Tuesday, December 16, 2008

Hillside developer sues residents association

KUALA LUMPUR: The Medan Damansara Residents Association has set up a fund to raise money to support its four office bearers who are being sued by SDB Properties Sdn Bhd. [The Star, 14/12/08]

A hillside developer retaliated by filing a lawsuit against a residents association for public defamation. The lawsuit was filed three months ago but was only brought to public attention in the midst of nationwide interest on hillside and slope development projects following the Bukit Antarabangsa tragedy on December 6.

Residents and victims of the Bukit Antarabangsa tragedy have decided to sue the government and its relevant agencies for compensation. Datuk M. Muniandy, chairman of the taskforce set up to lead the lawsuit feels the government had failed to avert the tragedy because residents had reported several incidents from about two years ago that seemed to point to problems in the stability of the slope. Of course, no preventive actions were carried out by the authorities.

The government have since succumbed to public pressure and have suspended all hillslide development projects until proper geographical inspections on soil stability were carried out.

The posh Damansara 21 which involved the construction of five-storey luxury bungalows, priced from RM10mil to RM15mil each on 2.3ha of land was one of the mega projects in the country that had to be shelved; thus incurring huge financial losses on its developer.

The Damansara 21 developer, SDB Properties Sdn. Bhd. who filed a defamation suit against Medan Damansara Residents Association three months ago were now left to lick their wounds following the government's decision to put a stop on high-risked hillside projects.

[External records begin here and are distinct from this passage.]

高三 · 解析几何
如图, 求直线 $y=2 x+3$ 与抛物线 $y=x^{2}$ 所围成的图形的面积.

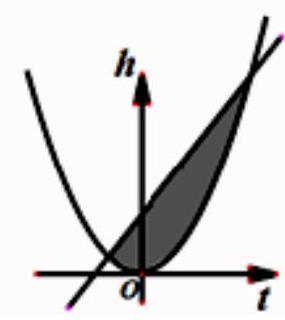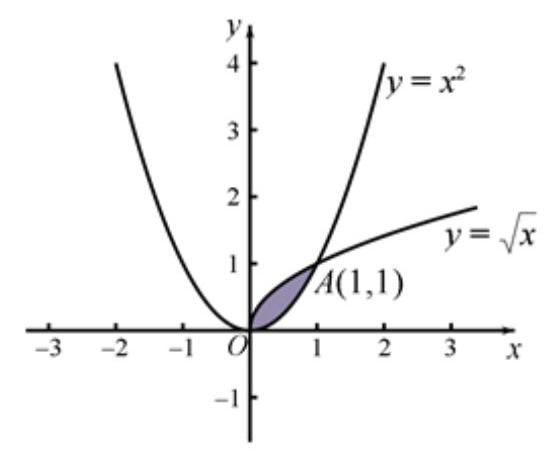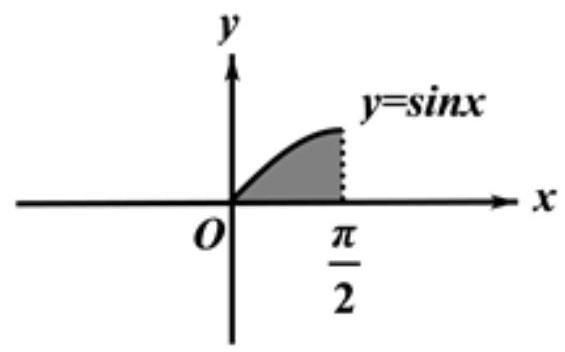
答案: 【解析】 $\left\{\begin{array}{l}y=2 x+3 \\ y=x^{2}\end{array} \Rightarrow x=-1\right.$ 或 $x=3$

$\therefore S=\int_{-1}^{3}\left(2 x+3-x^{2}\right) d x=\left(x^{2}+3 x-\frac{1}{3} x^{3}\right)_{-1}^{3}=\frac{32}{3}$

【分析】通过求交点坐标确定积分上下限, 利用微积分基本定理即可求出所围图形的面积.19.答案：解：作出图象 (如图所示) :

由 $\left\{\begin{array}{l}y^{2}=x \\ y=x^{2},\end{array}\right.$ 解得 $\left\{\begin{array}{l}x=0 \\ y=0\end{array}\right.$ 或 $\left\{\begin{array}{l}x=1 \\ y=1,\end{array}\right.$

所以点 $A(1,1)$.

结合图形可得所求面积为:

$$
S=\int_{0}^{1}\left(\sqrt{x}-x^{2}\right) d x=\left.\left(\frac{2}{3} x^{\frac{3}{2}}-\frac{1}{3} x^{3}\right)\right|_{0} ^{1}=\frac{2}{3}-\frac{1}{3}=\frac{1}{3}
$$

故所求面积为 $\frac{1}{3}$

【分析】画出草图, 求出两曲线的交点坐标, 确定被积函数和积分区间, 然后根据定积分进行求解即可.

20.答案: 【解析】 曲线 $y=\sin x\left(0 \leq x \leq \frac{\pi}{2}\right)_{\text {和直线 }} x=\frac{\pi}{2}, y=0$ 所围成图形如下图阴影部分所示:

则可表示为: $\int_{0}^{\frac{\pi}{2}} \sin x d x$.

【分析】画出曲线 $y=\sin x\left(0 \leq x \leq \frac{\pi}{2}\right)_{\text {和直线 }} x=\frac{\pi}{2}, y=0$ 所围成图形, 表示成定积分.
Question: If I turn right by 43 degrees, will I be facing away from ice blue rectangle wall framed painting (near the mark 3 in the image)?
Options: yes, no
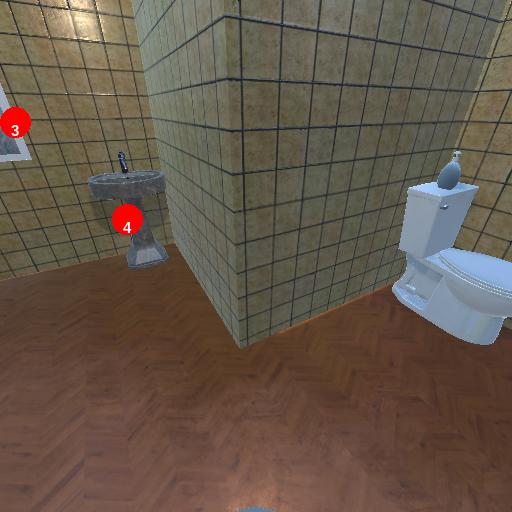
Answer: yes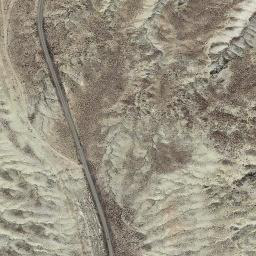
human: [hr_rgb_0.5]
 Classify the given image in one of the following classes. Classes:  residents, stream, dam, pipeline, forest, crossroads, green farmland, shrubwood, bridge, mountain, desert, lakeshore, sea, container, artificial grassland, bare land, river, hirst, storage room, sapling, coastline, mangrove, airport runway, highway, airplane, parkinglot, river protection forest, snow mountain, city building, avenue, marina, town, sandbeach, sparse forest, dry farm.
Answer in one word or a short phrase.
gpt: mountain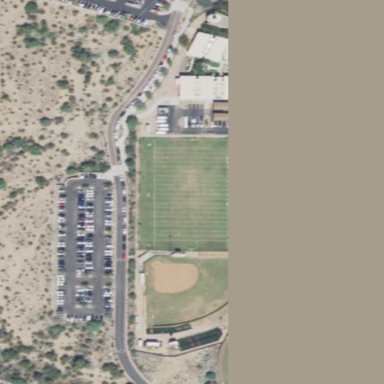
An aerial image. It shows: American football pitch.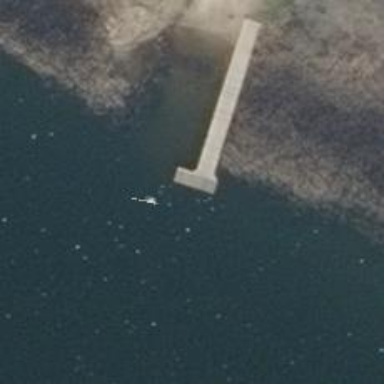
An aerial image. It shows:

The association president P. Subhakaran, Datuk Seri Dr Abdul Shukor Abdullah (who was then the association president), Peter Raiappan and Randhir Singh has been named as defendants in the case. It was understood the association have set up a special fund to help finance their court battle.

Randhir Singh, the association's secretary had earlier expressed his intention to demand the government to scrap the entire Damansara 21 project instead of freezing it. The association have since embarked on notifying possible financial institution about the matte, hoping to deter them from providing loans to SDB Properties.

“The authority may continue the project later. We want the government to put a stop on it. The banks talk about the corporate social responsibility and environmental campaign but yet they still finance to these kind of developers. We also appeal to professionals including consultants and lawyers to not be part of such developments,” he said. [The Star 14/12/08]
There is an ever pressing need now for the government to ensure all hillside projects are deemed 'safe' before any work is carried out. The tragic tale of Bukit Antarabangsa is tantamount to the corruption within land agencies of the government and developers who in the name of 'development', have placed themselves in a sticky situation.

The government have shown good faith in suspending all high-risked sites but such a move came too late for the people affected by the tragedy. Nonetheless, the concern lies not in hillside projects but in the level of attention given to the safety of such construction projects.

Granted, it all boils down to 'money'.